Ele comandou a elaboração do "Pacote de Abril", com alterações eleitorais para tentar frear o avanço da oposição ao regime militar


DA SUCURSAL DO RIO

Criador da lei que limitava a propaganda eleitoral na TV a exibição de foto com narração do currículo do candidato para evitar críticas à ditadura militar, morreu anteontem Armando Ribeiro Severo Falcão, 90, ministro da Justiça nos governos de Juscelino Kubitschek (1956-1961) e de Ernesto Geisel (1974-1979).
Vítima de broncopneumonia, Falcão - que tinha "nada a declarar" como expressão predileta durante o regime de exceção- morreu por volta das 23h30, em sua casa, na zona sul do Rio. Foi enterrado ontem no cemitério São João Batista, em cerimônia restrita a familiares.
Segundo amigos, Falcão gostava de relembrar os tempos em que atuou na política nacional. "Foi um homem público que teve a sua marca. Era um contador de histórias", disse José Armando Bezerra Falcão, um dos seis filhos do ministro.

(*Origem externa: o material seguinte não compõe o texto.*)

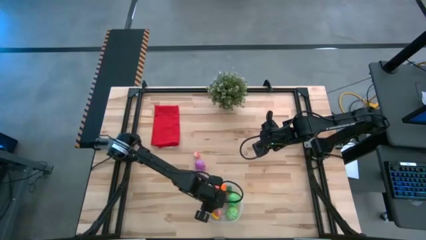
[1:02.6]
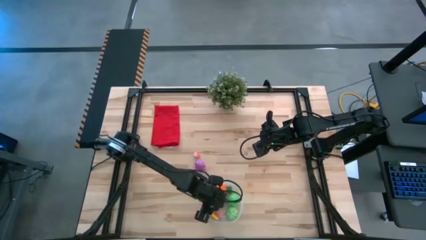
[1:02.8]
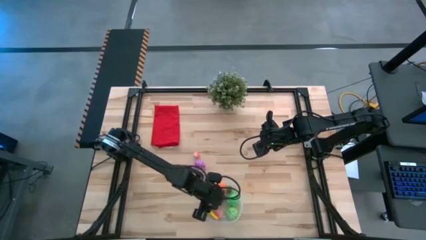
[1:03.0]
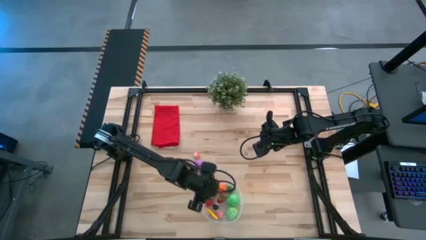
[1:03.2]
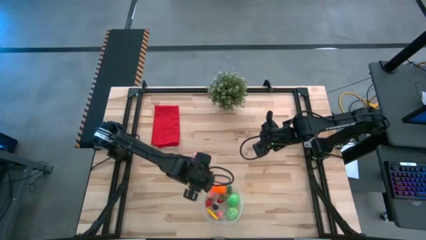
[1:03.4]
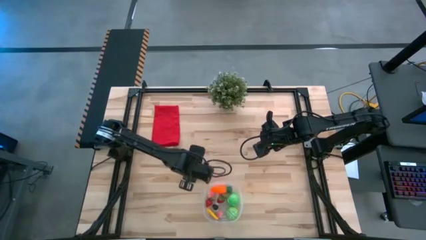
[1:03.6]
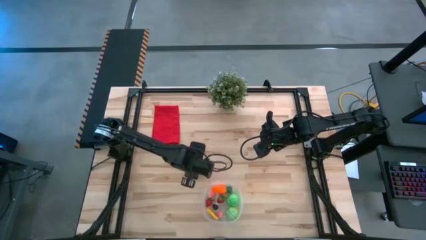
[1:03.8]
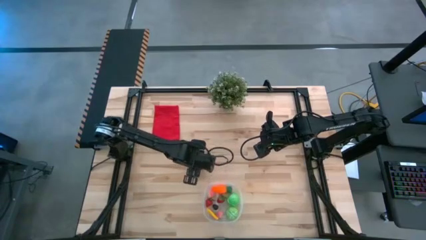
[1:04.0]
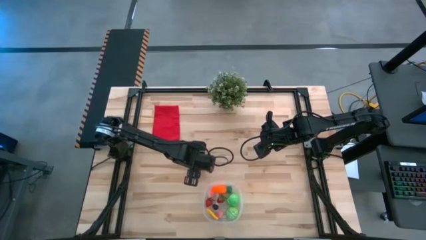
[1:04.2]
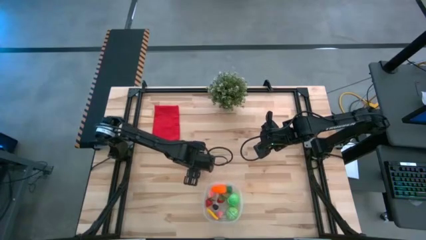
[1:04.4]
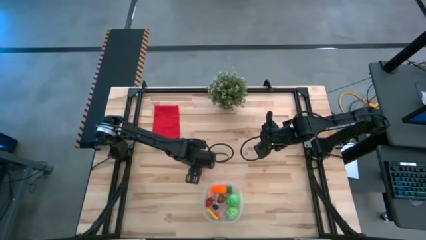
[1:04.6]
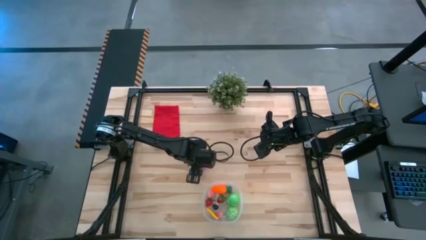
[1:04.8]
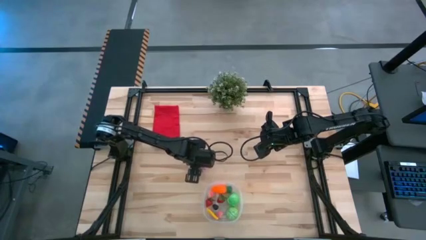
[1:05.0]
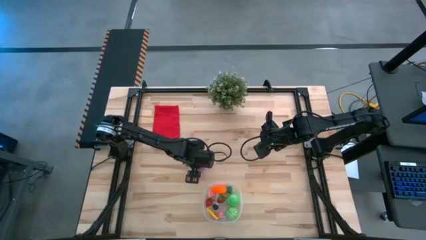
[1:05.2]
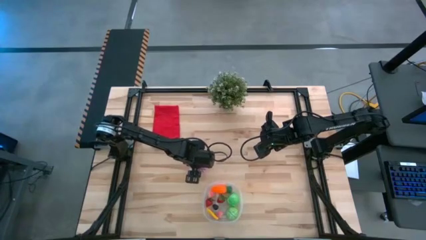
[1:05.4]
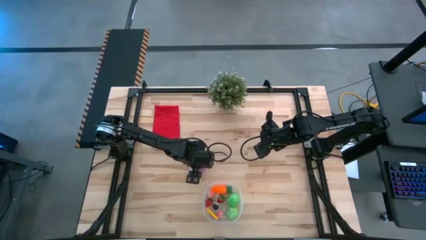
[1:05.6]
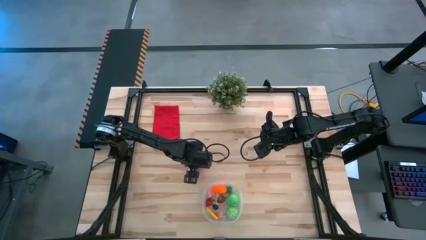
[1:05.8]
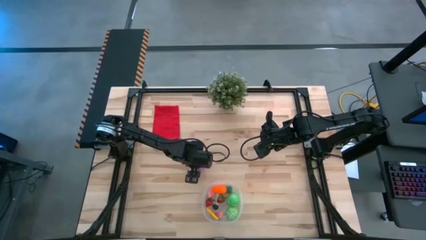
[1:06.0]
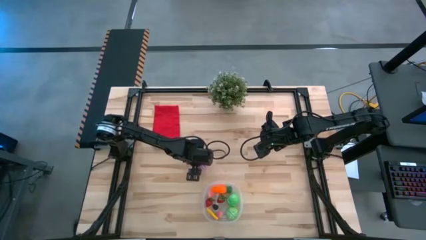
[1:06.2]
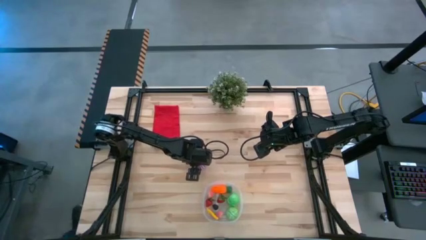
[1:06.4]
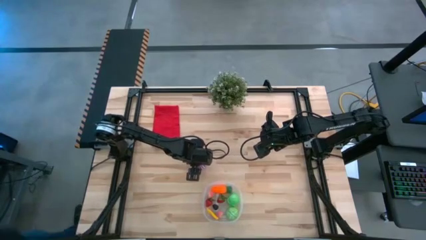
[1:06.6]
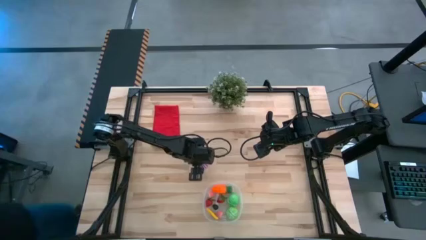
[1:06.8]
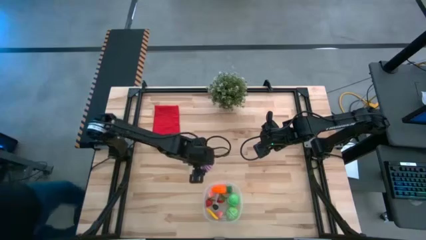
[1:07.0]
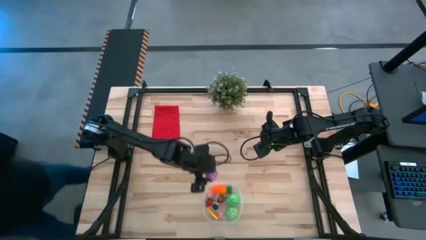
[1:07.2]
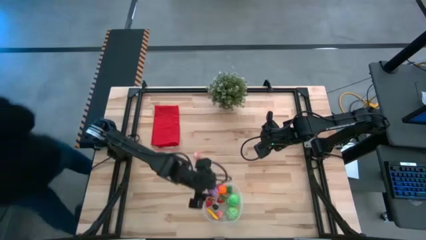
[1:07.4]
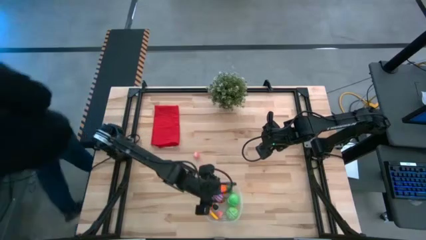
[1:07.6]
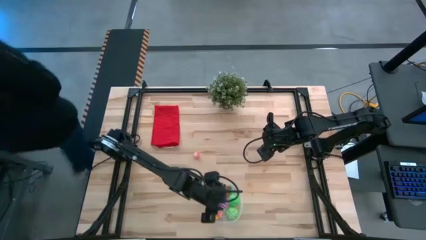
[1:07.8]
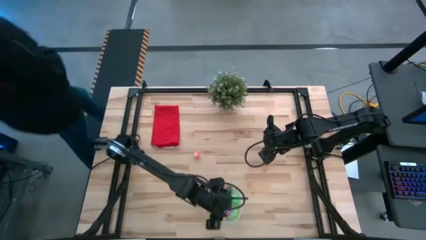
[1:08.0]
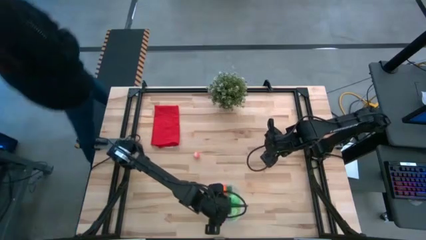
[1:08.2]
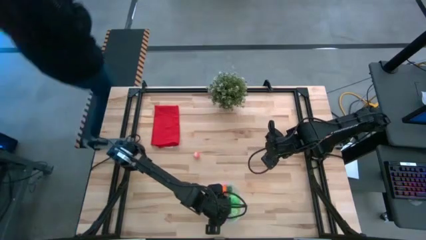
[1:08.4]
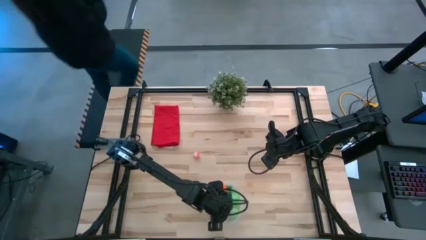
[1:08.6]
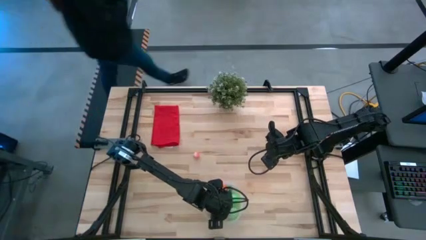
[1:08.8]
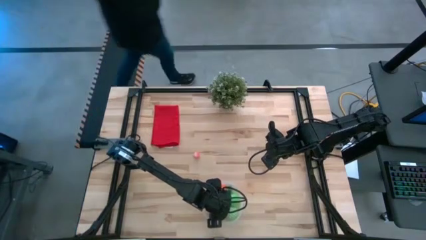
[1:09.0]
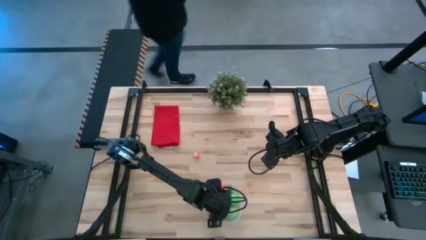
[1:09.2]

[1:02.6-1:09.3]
Task: Pick and placing Produce into tupperware
Put the purple onion into the transparent bin

"Era um homem lúcido, que gostava de fazer recordações. Uma pessoa de agradável convivência", afirmou o general Leônidas Gonçalves, ministro do Exército no governo Sarney, que diz ter passado a ter contato com Falcão só após o afastamento de ambos da política.
Na avaliação da cientista política Maria Celina D'Araújo, Falcão "é um personagem que nos ajuda a refletir o Brasil".

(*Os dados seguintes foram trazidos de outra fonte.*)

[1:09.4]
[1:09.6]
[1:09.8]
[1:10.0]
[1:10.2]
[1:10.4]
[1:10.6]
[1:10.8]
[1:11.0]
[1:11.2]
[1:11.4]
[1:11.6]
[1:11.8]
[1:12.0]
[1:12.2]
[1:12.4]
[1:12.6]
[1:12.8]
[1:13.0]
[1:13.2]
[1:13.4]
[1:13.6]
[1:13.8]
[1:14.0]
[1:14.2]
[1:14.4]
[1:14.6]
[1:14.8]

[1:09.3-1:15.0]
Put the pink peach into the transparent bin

"É uma figura para entender que não tivemos uma ditadura militar. Foi militar com uma vertebração civil muito forte. Nela, ele foi o nervo central, foi a expressão civil mais acabada do golpe e do governo. Ele foi o porta-voz da linha-dura até o final", disse ela.
Armando Falcão era cearense de Fortaleza. Foi um dos articuladores da candidatura de JK à Presidência e depois ministro da Justiça de seu governo entre 1959 e 1961. Voltou ao posto no governo Geisel.

Lei Falcão
A pedido do então presidente, comandou a elaboração do projeto de lei para a fusão dos Estados da Guanabara e do Rio de Janeiro, que passaria a vigorar em 15 de março de 1975, e o conjunto de leis que se tornou conhecido por "Pacote de Abril", de 1977, com alterações eleitorais para tentar frear o avanço dos candidatos de oposição ao regime militar.

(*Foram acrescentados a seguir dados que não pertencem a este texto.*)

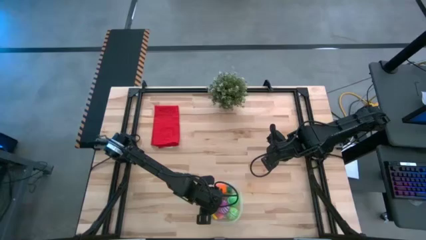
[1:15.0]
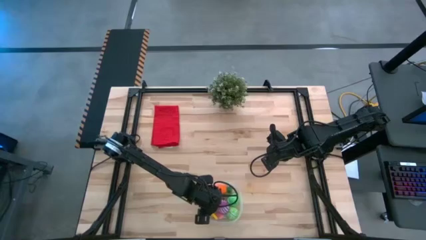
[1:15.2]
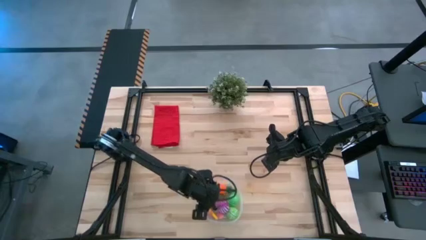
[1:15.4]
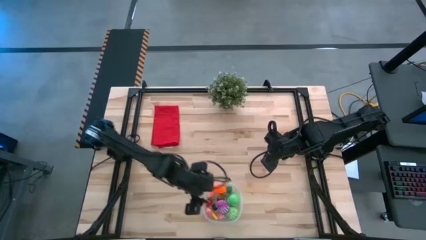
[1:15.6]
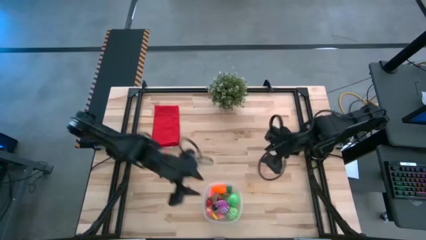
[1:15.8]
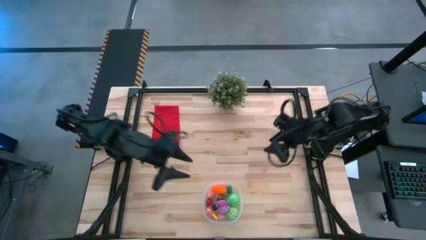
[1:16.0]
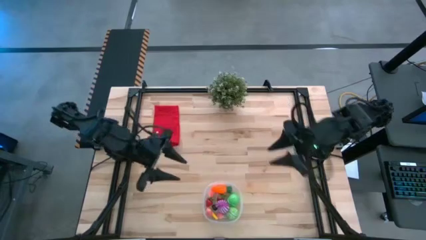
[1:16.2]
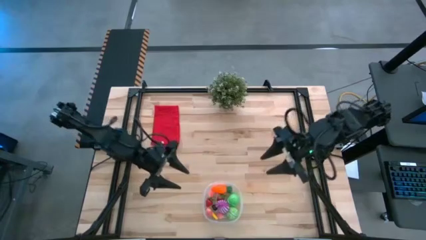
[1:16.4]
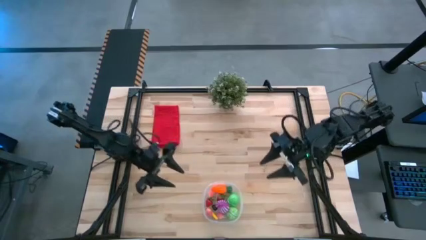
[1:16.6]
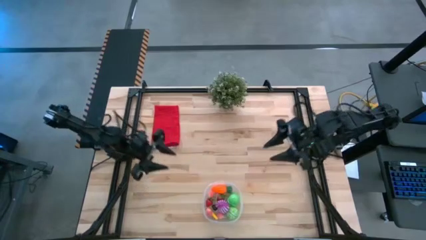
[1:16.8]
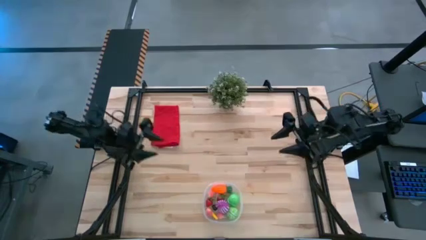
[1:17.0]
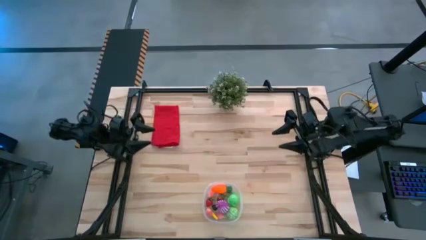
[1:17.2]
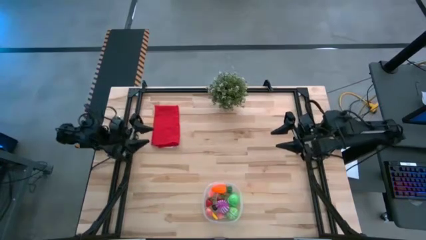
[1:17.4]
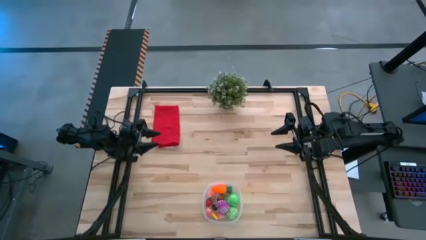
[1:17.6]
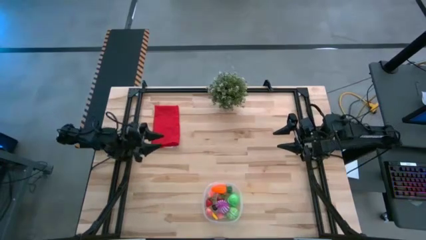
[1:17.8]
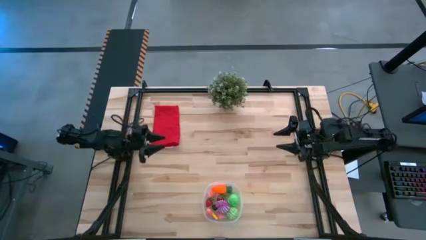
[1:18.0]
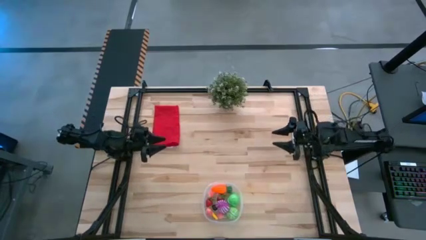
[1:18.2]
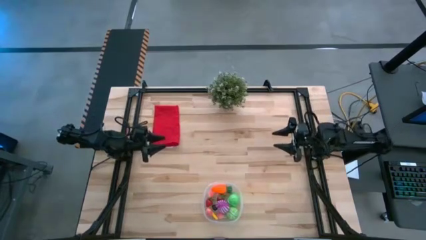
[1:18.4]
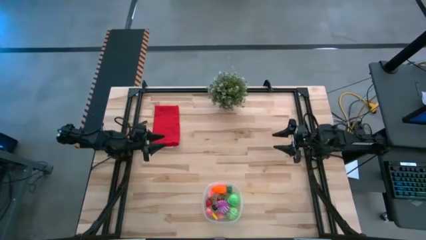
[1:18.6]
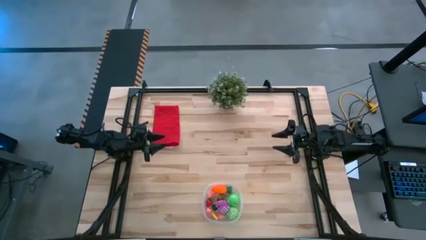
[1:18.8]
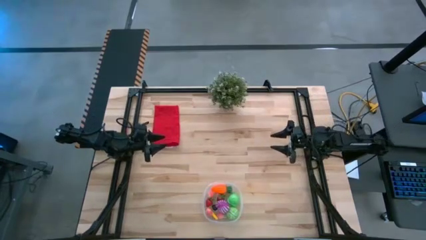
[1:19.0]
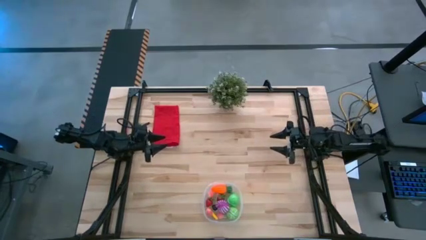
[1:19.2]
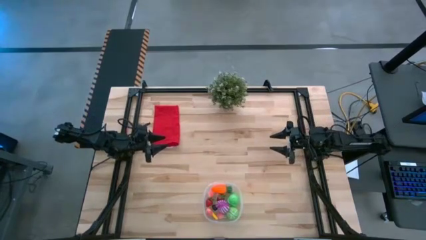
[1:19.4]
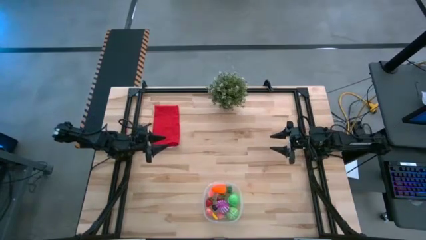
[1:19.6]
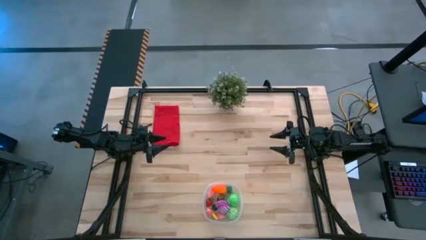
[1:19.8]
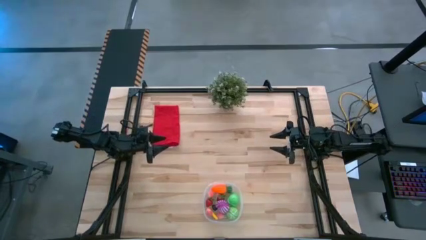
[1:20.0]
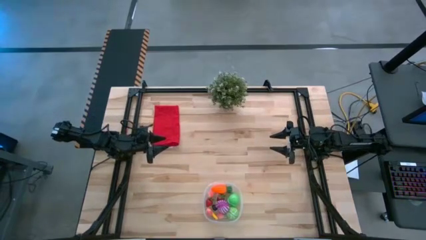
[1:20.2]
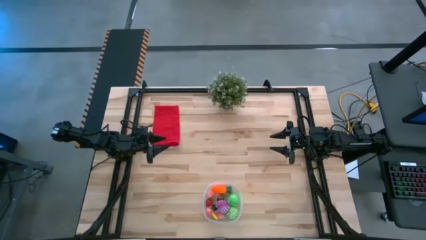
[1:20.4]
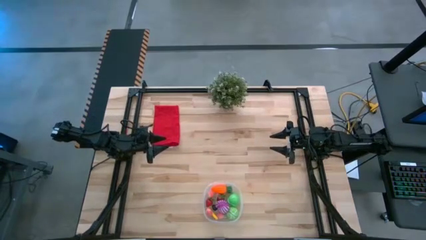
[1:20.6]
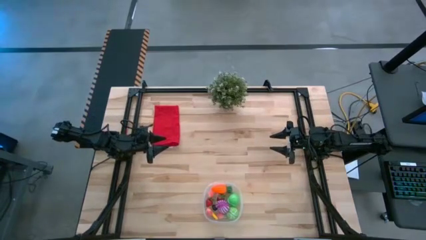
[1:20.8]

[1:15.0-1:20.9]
Return to Home Position

Entre elas estava a chamada Lei Falcão, regulamentação da propaganda eleitoral no rádio e na televisão que, para impedir críticas em meios de massa ao governo, limitava os candidatos a exibirem foto e currículo.
Em 1989, publicou um livro de memórias com o título, "Tudo a Declarar" (Nova Fronteira), gracejo com a frase "nada a declarar", que caracterizara sua relação com a imprensa quando ministro de Geisel e se recusava a comentar o que considerasse confidencial ou polêmico.

Democracia e censura
Em entrevistas à época do lançamento, expôs sua visão do poder, na qual dizia-se um democrata a seu modo: "Democrata que não dorme de touca. Democrata que defende a democracia, sem deixar o inimigo dela segurar o cabo da faca."
Tendo comandado a censura a diversos órgãos de imprensa, dizia-se contrário à reimplantação eventual de qualquer restrição desse tipo. "Porque é impossível fazer uma censura política adequada, satisfatória e aceitável. Em segundo lugar, porque a censura impede a fiscalização pela imprensa da administração pública."
Ainda em 1989, instado a comentar a candidatura de Luiz Inácio Lula da Silva à Presidência na eleição daquele ano, criticou duramente o petista. "Um cidadão inteiramente despreparado para o exercício do posto", afirmou então.